I figured that any stone should get a knife sharp when used with the proper technique, so I'm trying to teach myself and hopefully I'm going to be able to properly sharpen my new knives on my new stone...

This old stone seems to "run" smoother if you wet it occasionally, but no real mud is forming. It gets noisier when it starts to get dry. It also feels more abrasive when getting dry.

It's my dad who sharpens under trickling water (really just a drop every few seconds). It seems to work for him (note: he probably uses luke-warm water, cause he hates being cold /img/vbsmilies/smilies/crazy.gif).

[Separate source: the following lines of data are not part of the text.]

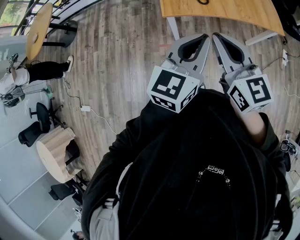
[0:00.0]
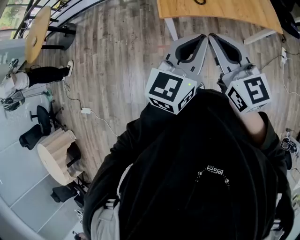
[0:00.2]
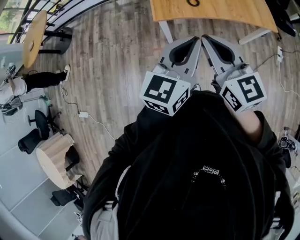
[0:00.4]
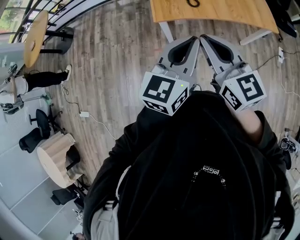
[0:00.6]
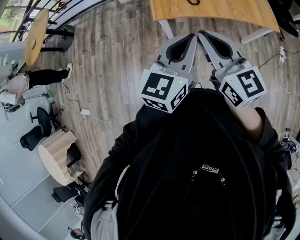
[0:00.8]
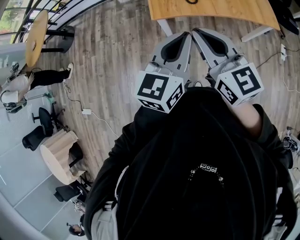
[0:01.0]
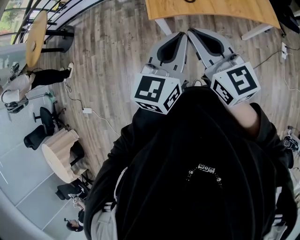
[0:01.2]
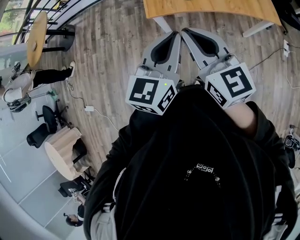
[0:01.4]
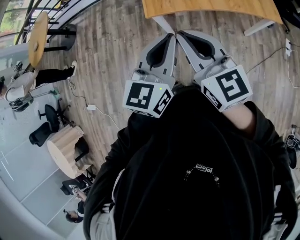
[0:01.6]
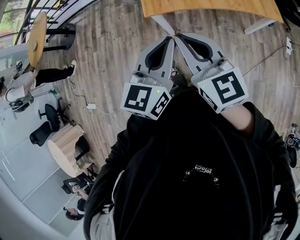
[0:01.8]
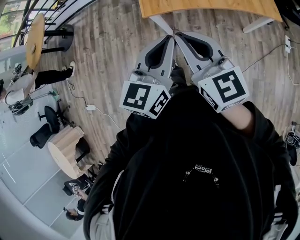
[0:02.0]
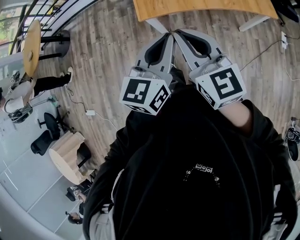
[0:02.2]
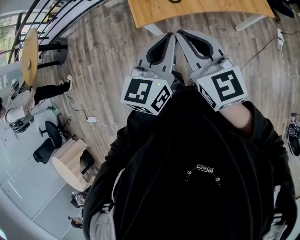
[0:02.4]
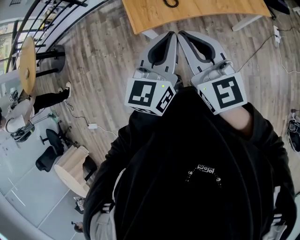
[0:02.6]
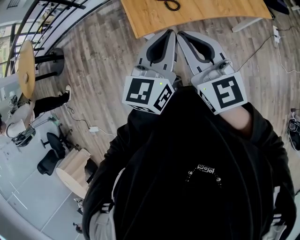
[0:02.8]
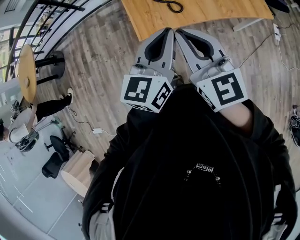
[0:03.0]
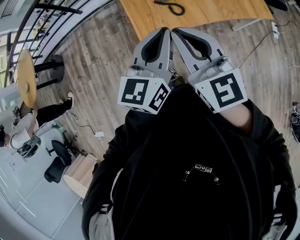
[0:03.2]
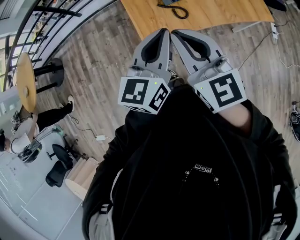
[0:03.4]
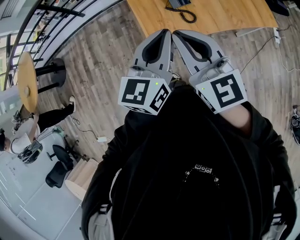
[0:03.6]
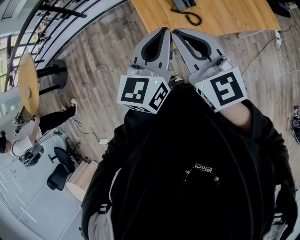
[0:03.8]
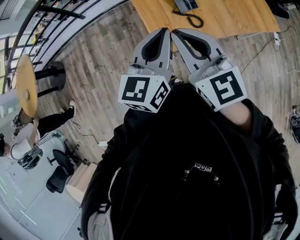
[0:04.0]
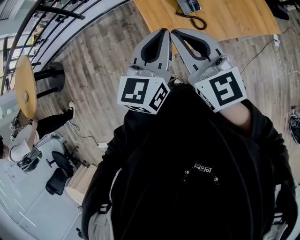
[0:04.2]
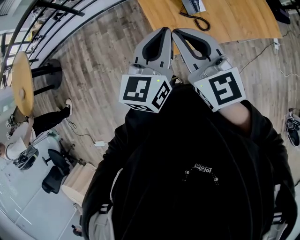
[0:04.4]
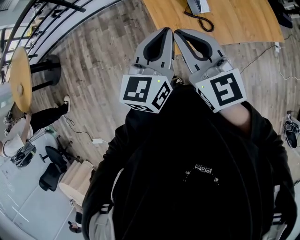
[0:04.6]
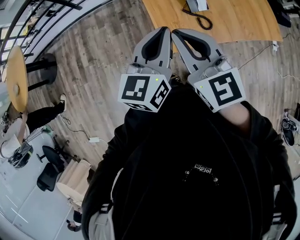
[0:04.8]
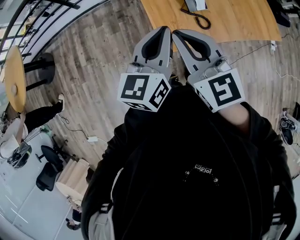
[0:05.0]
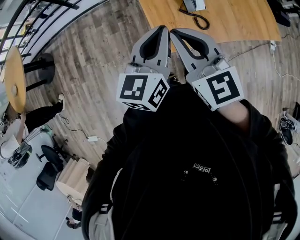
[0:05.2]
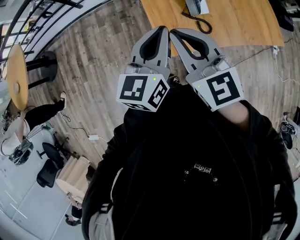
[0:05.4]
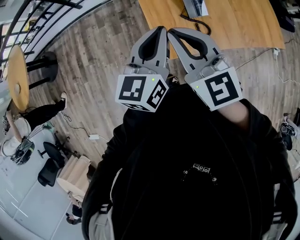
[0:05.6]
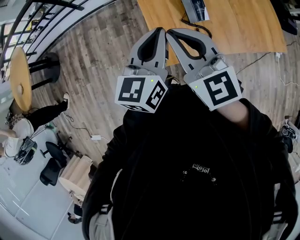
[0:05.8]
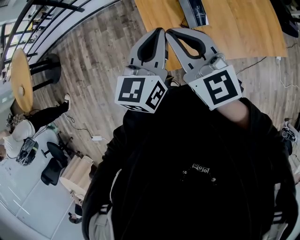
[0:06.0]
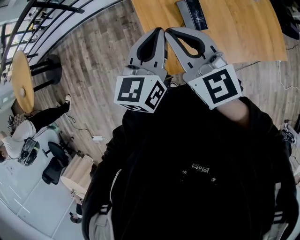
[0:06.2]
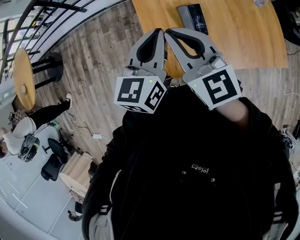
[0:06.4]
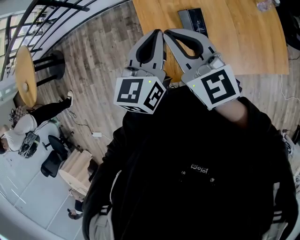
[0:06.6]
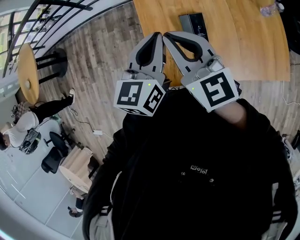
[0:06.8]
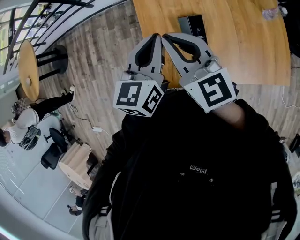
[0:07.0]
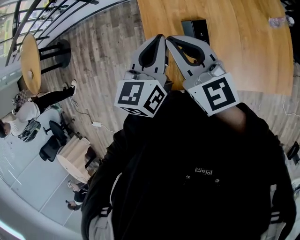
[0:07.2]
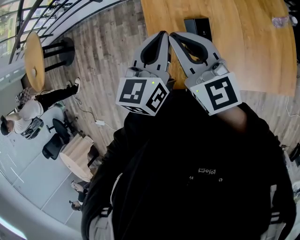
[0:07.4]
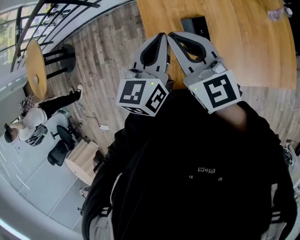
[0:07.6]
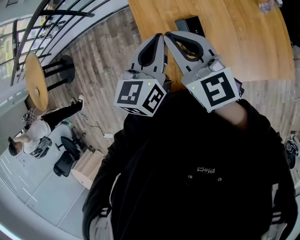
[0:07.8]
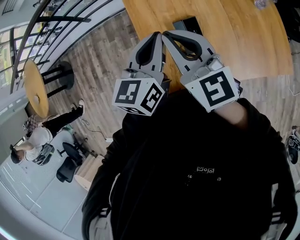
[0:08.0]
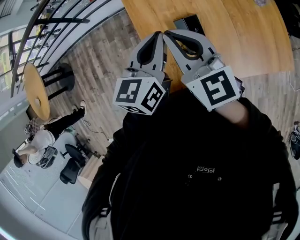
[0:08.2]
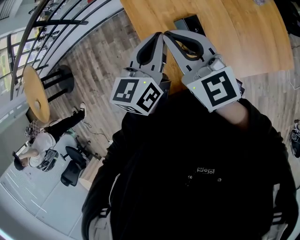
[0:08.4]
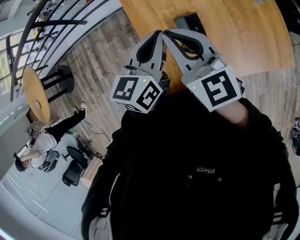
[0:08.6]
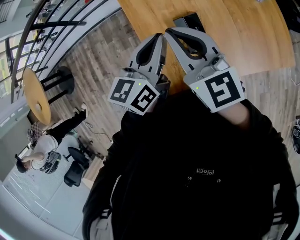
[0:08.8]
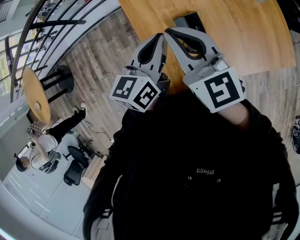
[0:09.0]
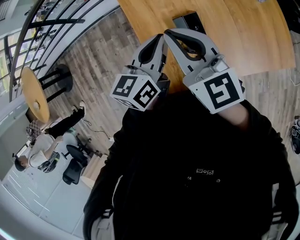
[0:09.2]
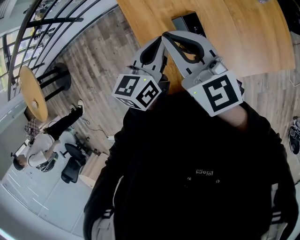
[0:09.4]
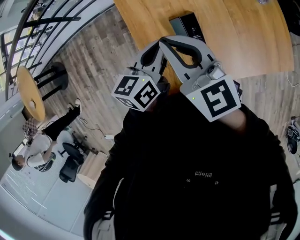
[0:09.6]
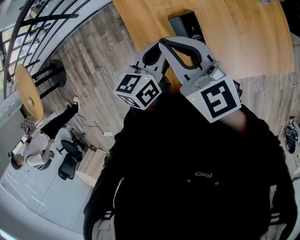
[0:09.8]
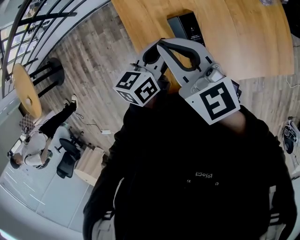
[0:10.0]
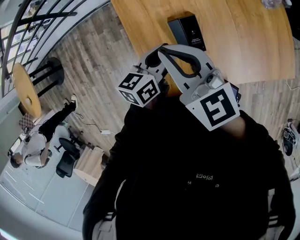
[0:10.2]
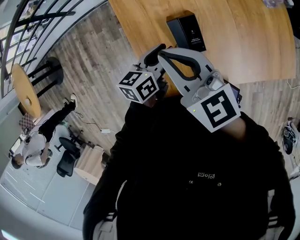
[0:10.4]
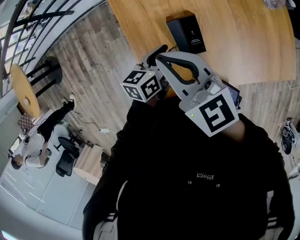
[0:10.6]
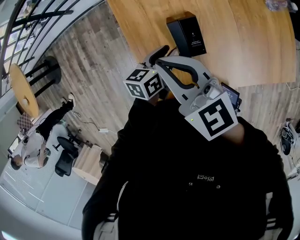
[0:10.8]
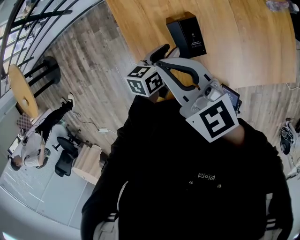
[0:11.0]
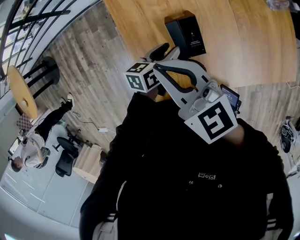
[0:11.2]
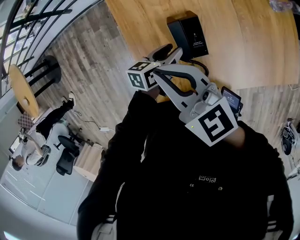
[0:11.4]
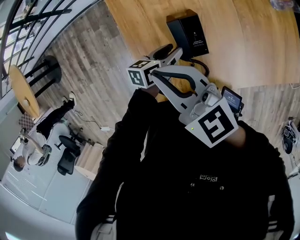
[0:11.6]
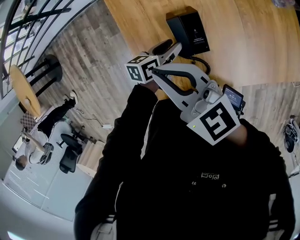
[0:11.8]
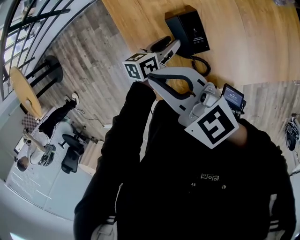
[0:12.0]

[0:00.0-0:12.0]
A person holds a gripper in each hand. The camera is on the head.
0:00.0 to 0:01.6: The left gripper shifts by some 5 cm.
0:01.6 to 0:03.0: The two grippers go some 15 cm forward.
0:03.0 to 0:04.4: Both grippers move to the left and forward, approximately 20 cm.
0:04.4 to 0:06.0: The two grippers go about 15 cm forward.
0:06.0 to 0:07.6: Both grippers move forward and to the right, about 15 cm.
0:07.6 to 0:09.0: The grippers move only a little.
0:09.0 to 0:10.4: The left gripper is displaced downward by about 15 cm, rotates some 20 degrees, and opens. Meanwhile the right gripper travels downward by approximately 5 cm.
0:10.4 to 0:12.0: The right gripper changes place by about 5 cm; the left gripper shifts roughly 10 cm downward.

So far, I find it easier to sprinkle a bit of water on it by hand whenever I think it is needed.


----------



## suile

h


----------



## glenn taylor

I'm pretty sure a waterstone is a natural stone and a whetstone is a manmade stone.  You should not sharpen under trickling water (it washes away the mud, which you want, it's tiny bits of stone that aid in grinding the metal), I know that for sure.  Simply put the stone in water for 10 min. before you sharpen and you are good to go, no need at all to store them in water.  If they are natural stones I'm not sure you could possibly damage them by letting them sit in water, I just don't see the need.  I hate oil stones, I'm pretty sure it's European in origin and water stones are Japanese/East in origin.  Oil stones become gummed up easily.


----------